■ HOW TO COMPLETE THIS TASK ■
Look through the entries below and copy exactly the part that begins with the line containing "Q: Is the text underlined? A: Yes." and ends with the line containing "Old-style or modern, the". Do not copy the pictures.

■ SUPPLIED MATERIAL ■
################

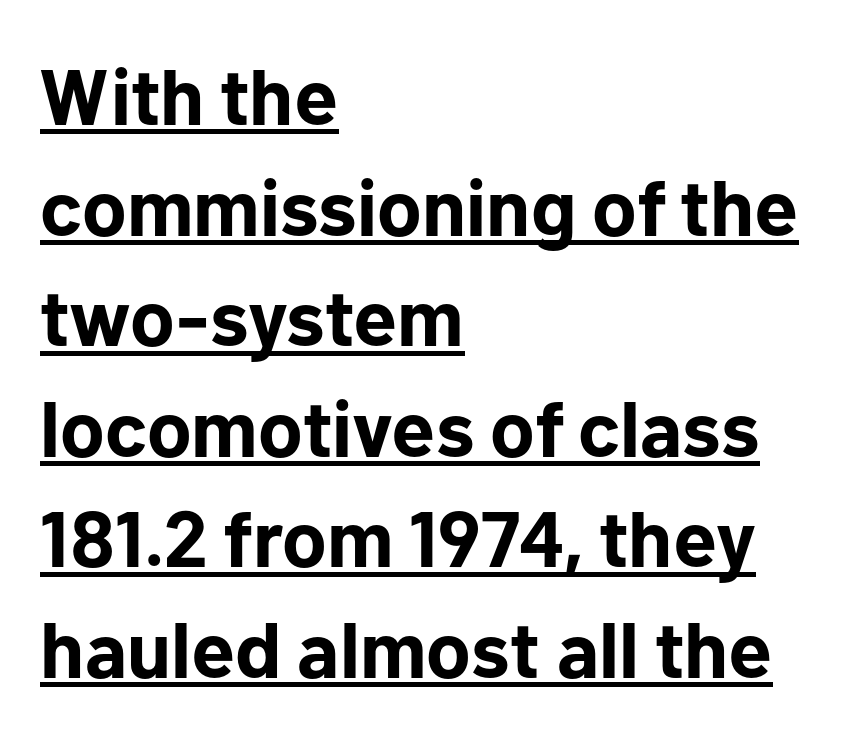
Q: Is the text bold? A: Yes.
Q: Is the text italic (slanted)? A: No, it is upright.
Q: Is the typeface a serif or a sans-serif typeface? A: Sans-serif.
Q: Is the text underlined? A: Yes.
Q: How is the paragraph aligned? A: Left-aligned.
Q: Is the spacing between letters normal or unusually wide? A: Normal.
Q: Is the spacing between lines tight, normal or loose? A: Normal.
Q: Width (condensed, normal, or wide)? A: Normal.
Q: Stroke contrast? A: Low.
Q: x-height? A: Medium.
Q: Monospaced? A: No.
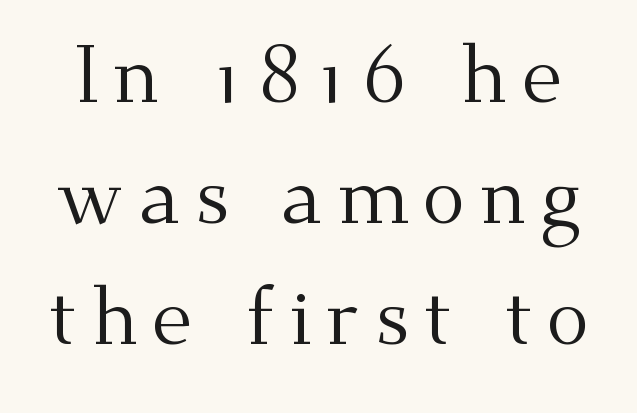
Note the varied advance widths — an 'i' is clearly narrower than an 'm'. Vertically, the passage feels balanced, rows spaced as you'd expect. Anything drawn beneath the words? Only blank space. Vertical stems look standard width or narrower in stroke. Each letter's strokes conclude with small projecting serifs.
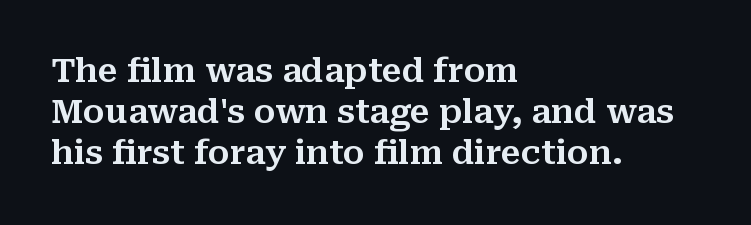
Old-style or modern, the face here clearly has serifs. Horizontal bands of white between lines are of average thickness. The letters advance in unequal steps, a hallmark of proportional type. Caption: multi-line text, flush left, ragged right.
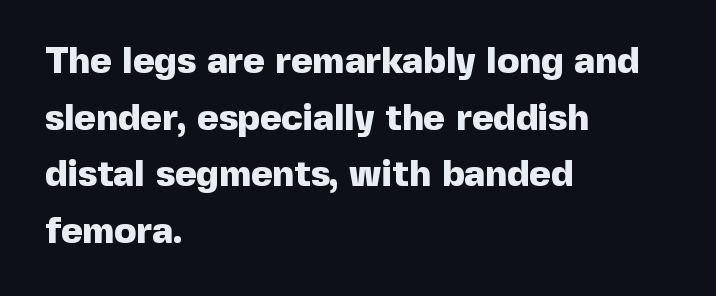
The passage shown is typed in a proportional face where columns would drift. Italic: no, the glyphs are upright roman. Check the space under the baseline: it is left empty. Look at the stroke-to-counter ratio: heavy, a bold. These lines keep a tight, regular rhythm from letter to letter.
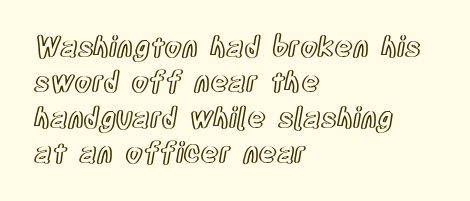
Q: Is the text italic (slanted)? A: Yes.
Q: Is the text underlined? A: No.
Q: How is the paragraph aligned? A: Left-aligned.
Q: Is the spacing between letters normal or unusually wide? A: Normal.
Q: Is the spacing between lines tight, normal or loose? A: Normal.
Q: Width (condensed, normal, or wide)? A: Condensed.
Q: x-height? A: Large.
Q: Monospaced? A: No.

################

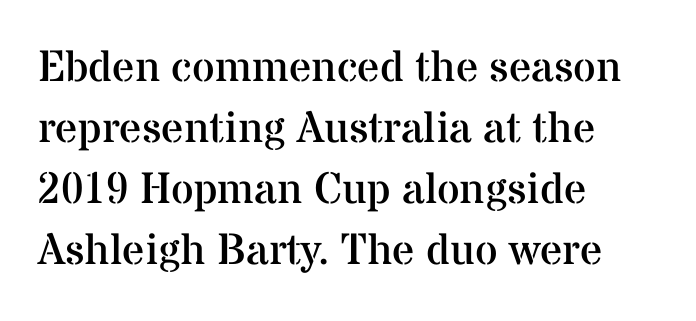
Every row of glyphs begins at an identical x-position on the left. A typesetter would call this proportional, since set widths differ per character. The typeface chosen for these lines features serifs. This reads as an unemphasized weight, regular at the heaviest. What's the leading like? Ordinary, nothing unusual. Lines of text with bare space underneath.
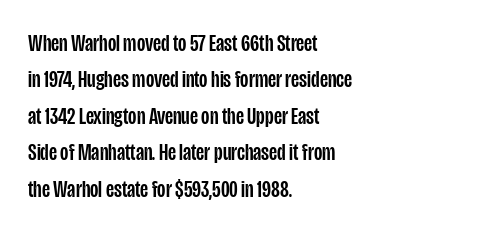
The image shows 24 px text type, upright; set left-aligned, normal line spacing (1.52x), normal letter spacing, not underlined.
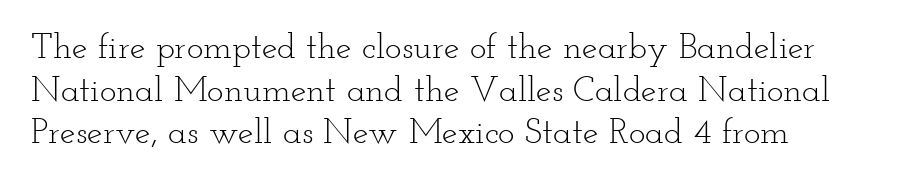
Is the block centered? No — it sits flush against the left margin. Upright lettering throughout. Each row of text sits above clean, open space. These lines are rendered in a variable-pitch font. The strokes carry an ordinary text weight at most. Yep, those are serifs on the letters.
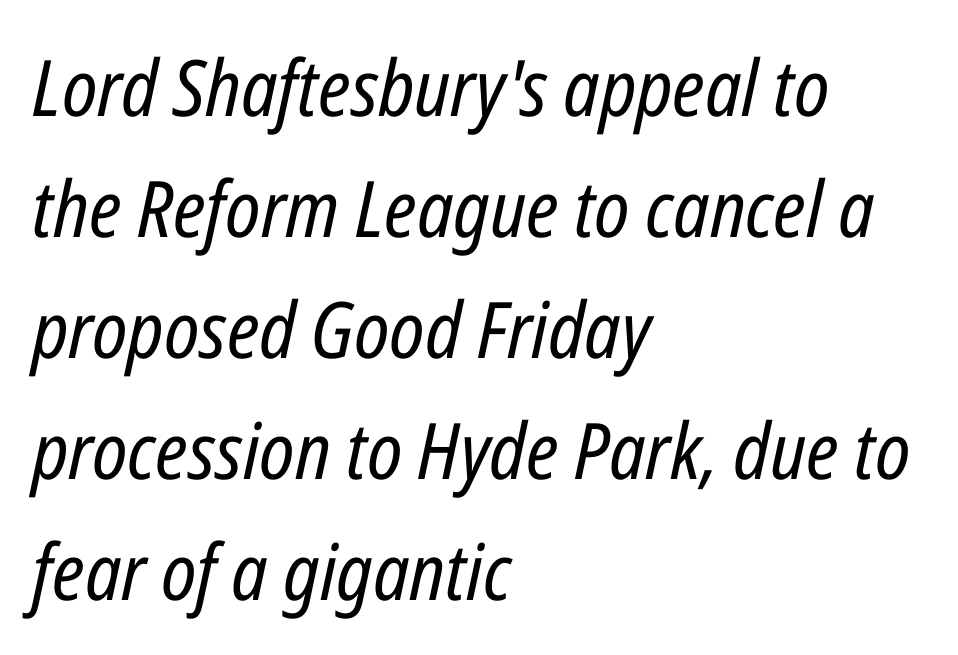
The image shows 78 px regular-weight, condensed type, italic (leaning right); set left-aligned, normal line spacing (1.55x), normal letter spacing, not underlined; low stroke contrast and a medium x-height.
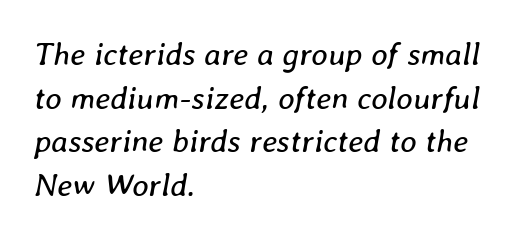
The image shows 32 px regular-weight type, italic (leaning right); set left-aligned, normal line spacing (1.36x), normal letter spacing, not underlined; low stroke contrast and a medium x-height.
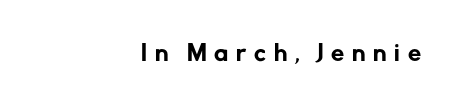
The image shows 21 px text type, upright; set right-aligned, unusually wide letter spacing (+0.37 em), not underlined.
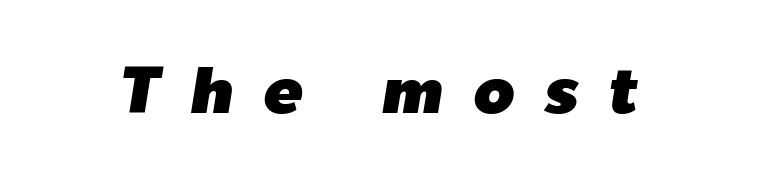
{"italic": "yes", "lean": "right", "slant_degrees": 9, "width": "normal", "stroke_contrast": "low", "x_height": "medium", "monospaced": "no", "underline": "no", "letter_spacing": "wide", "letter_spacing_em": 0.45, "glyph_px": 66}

################

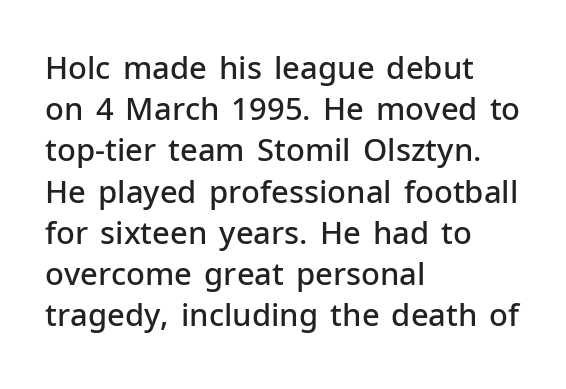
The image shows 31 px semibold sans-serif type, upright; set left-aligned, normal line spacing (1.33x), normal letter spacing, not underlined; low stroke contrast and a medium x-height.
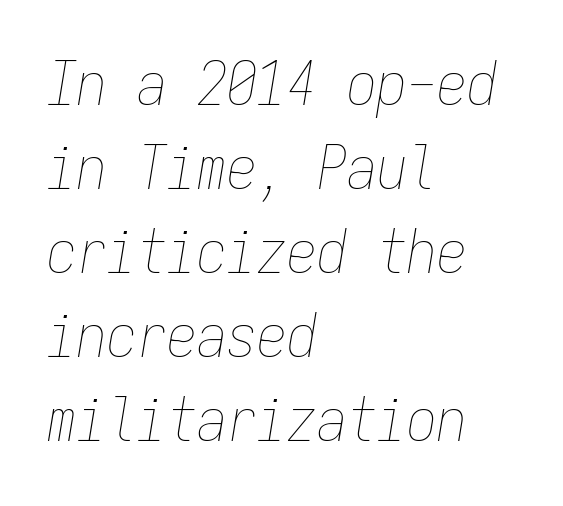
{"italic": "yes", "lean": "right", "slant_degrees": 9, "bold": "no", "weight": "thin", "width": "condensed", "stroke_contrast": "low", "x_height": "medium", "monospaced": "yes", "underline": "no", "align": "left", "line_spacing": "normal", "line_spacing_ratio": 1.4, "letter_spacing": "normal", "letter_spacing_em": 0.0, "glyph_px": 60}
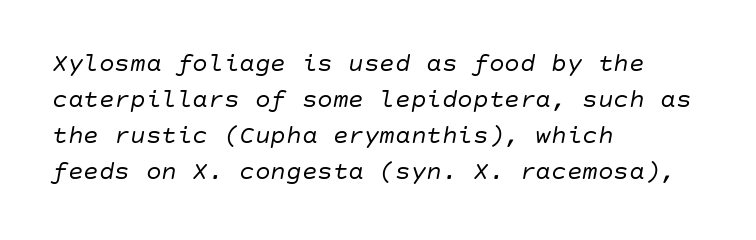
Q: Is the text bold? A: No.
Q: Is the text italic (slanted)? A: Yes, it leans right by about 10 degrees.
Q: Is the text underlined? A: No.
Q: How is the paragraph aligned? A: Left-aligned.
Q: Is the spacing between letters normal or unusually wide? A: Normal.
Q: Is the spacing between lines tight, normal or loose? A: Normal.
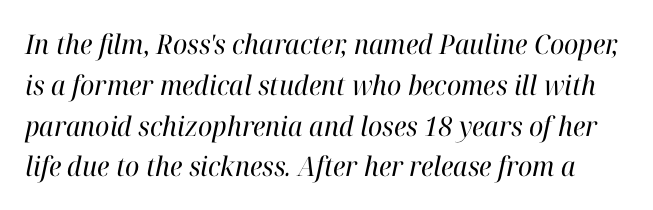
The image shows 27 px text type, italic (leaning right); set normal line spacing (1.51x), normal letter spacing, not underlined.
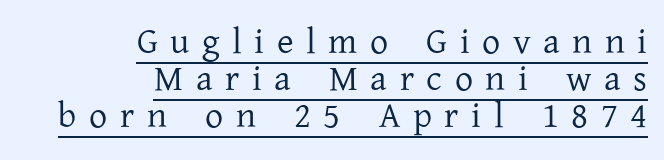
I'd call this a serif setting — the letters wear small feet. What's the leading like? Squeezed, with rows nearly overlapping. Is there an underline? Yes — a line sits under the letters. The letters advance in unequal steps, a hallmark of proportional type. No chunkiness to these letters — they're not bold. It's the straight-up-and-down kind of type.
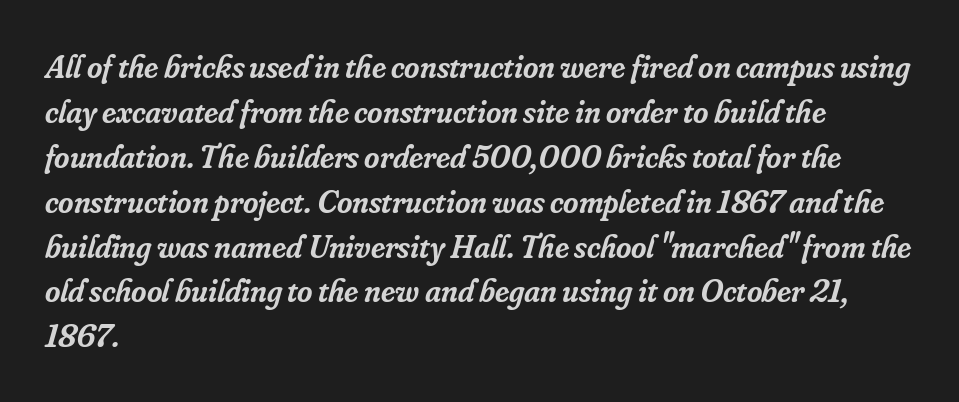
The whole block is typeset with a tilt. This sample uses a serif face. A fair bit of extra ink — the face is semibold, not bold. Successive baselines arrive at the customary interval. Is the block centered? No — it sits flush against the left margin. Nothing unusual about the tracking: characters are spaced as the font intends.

################

■ RESULT FOR THIS TASK ■
Q: Is the text underlined? A: Yes.
Q: How is the paragraph aligned? A: Left-aligned.
Q: Is the spacing between letters normal or unusually wide? A: Normal.
Q: Is the spacing between lines tight, normal or loose? A: Normal.
Q: Width (condensed, normal, or wide)? A: Normal.
Q: Stroke contrast? A: Low.
Q: x-height? A: Medium.
Q: Monospaced? A: No.
Note the varied advance widths — an 'i' is clearly narrower than an 'm'. Vertically, the passage feels balanced, rows spaced as you'd expect. Anything drawn beneath the words? Only blank space. Vertical stems look standard width or narrower in stroke. Each letter's strokes conclude with small projecting serifs.
Old-style or modern, the face here clearly has serifs. Horizontal bands of white between lines are of average thickness. The letters advance in unequal steps, a hallmark of proportional type. Caption: multi-line text, flush left, ragged right.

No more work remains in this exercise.